Record extracts
^^^^

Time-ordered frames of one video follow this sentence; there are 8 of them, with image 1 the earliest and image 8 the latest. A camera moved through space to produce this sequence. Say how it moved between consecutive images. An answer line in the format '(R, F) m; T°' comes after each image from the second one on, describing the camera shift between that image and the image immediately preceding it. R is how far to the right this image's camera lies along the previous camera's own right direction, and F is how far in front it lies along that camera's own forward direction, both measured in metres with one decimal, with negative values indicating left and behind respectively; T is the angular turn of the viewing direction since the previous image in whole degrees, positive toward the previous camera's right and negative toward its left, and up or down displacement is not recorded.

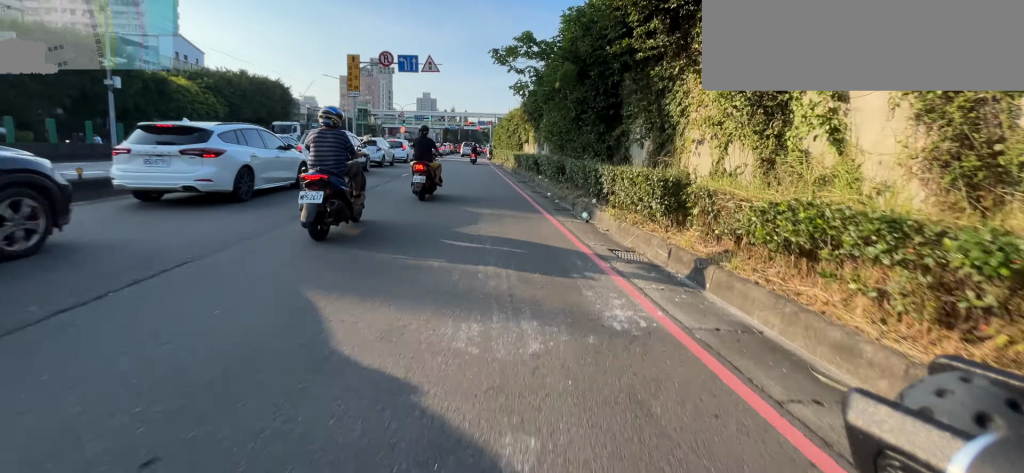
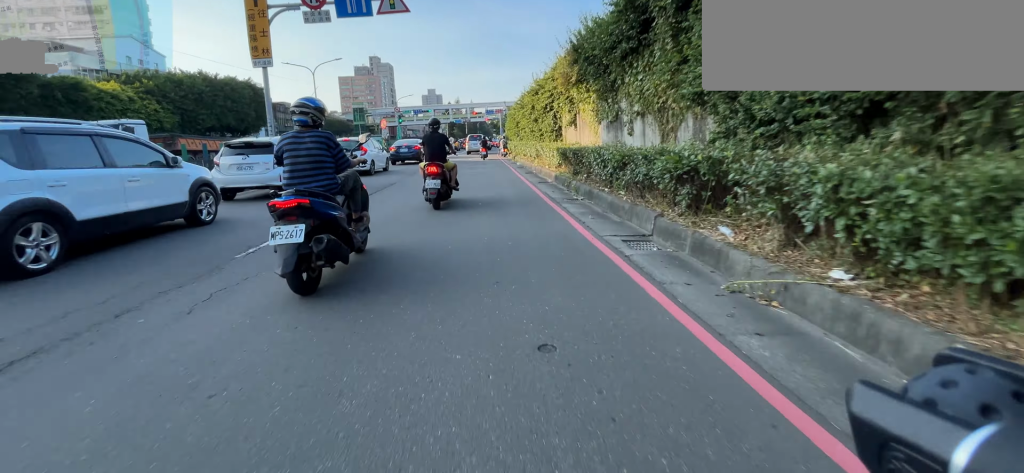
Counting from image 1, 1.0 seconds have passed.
(-0.1, +9.0) m; -1°
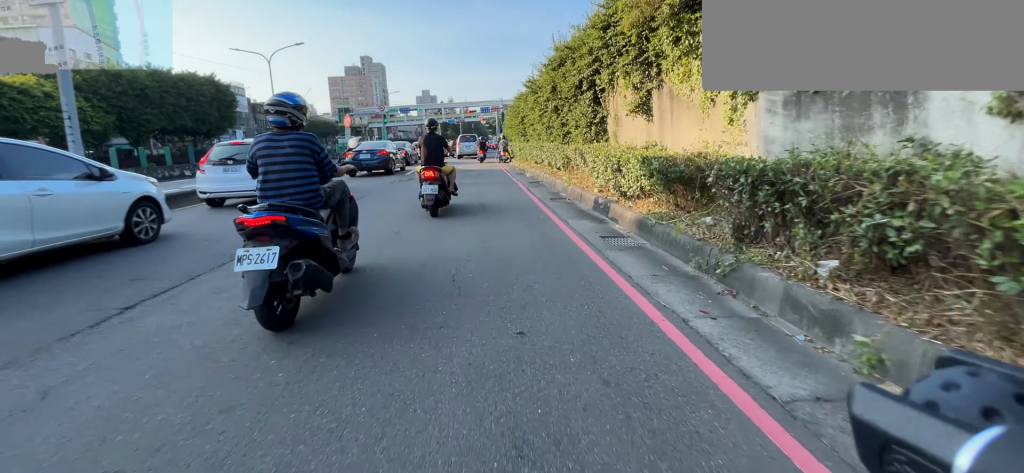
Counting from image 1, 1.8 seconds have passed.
(0.0, +6.0) m; 0°
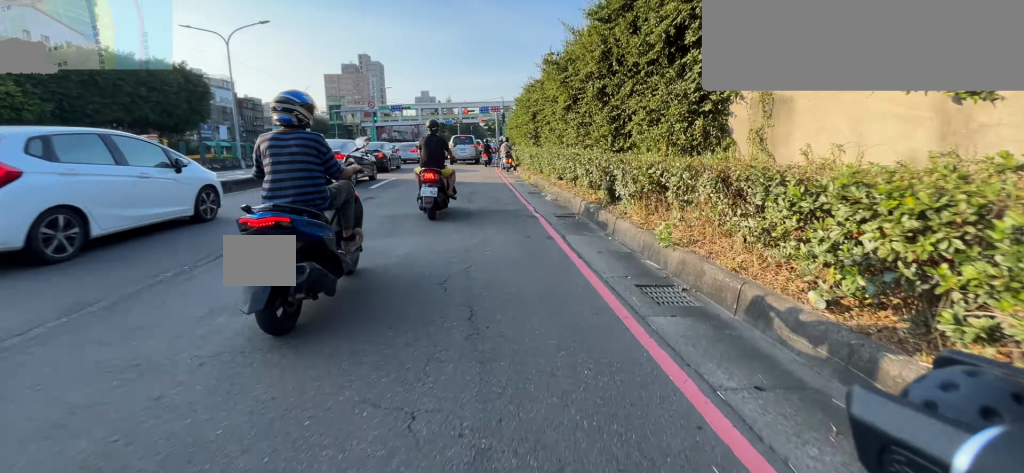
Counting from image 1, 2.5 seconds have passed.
(0.0, +4.6) m; 0°
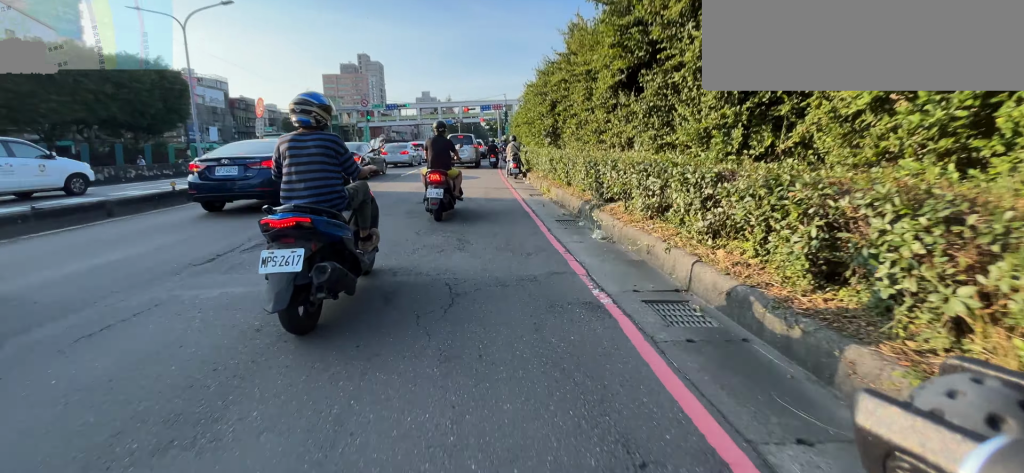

^^^^

Exercise objective
What is needed is an exact transcription of every entry, minus the pictures.

Solution to this exercise
Time-ordered frames of one video follow this sentence; there are 8 of them, with image 1 the earliest and image 8 the latest. A camera moved through space to produce this sequence. Say how it moved between consecutive images. An answer line in the format '(R, F) m; T°' comes after each image from the second one on, describing the camera shift between that image and the image immediately preceding it. R is how far to the right this image's camera lies along the previous camera's own right direction, and F is how far in front it lies along that camera's own forward direction, both measured in metres with one decimal, with negative values indicating left and behind respectively; T is the angular turn of the viewing direction since the previous image in whole degrees, positive toward the previous camera's right and negative toward its left, and up or down displacement is not recorded.

Counting from image 1, 1.0 seconds have passed.
(-0.1, +9.0) m; -1°
Counting from image 1, 1.8 seconds have passed.
(0.0, +6.0) m; 0°
Counting from image 1, 2.5 seconds have passed.
(0.0, +4.6) m; 0°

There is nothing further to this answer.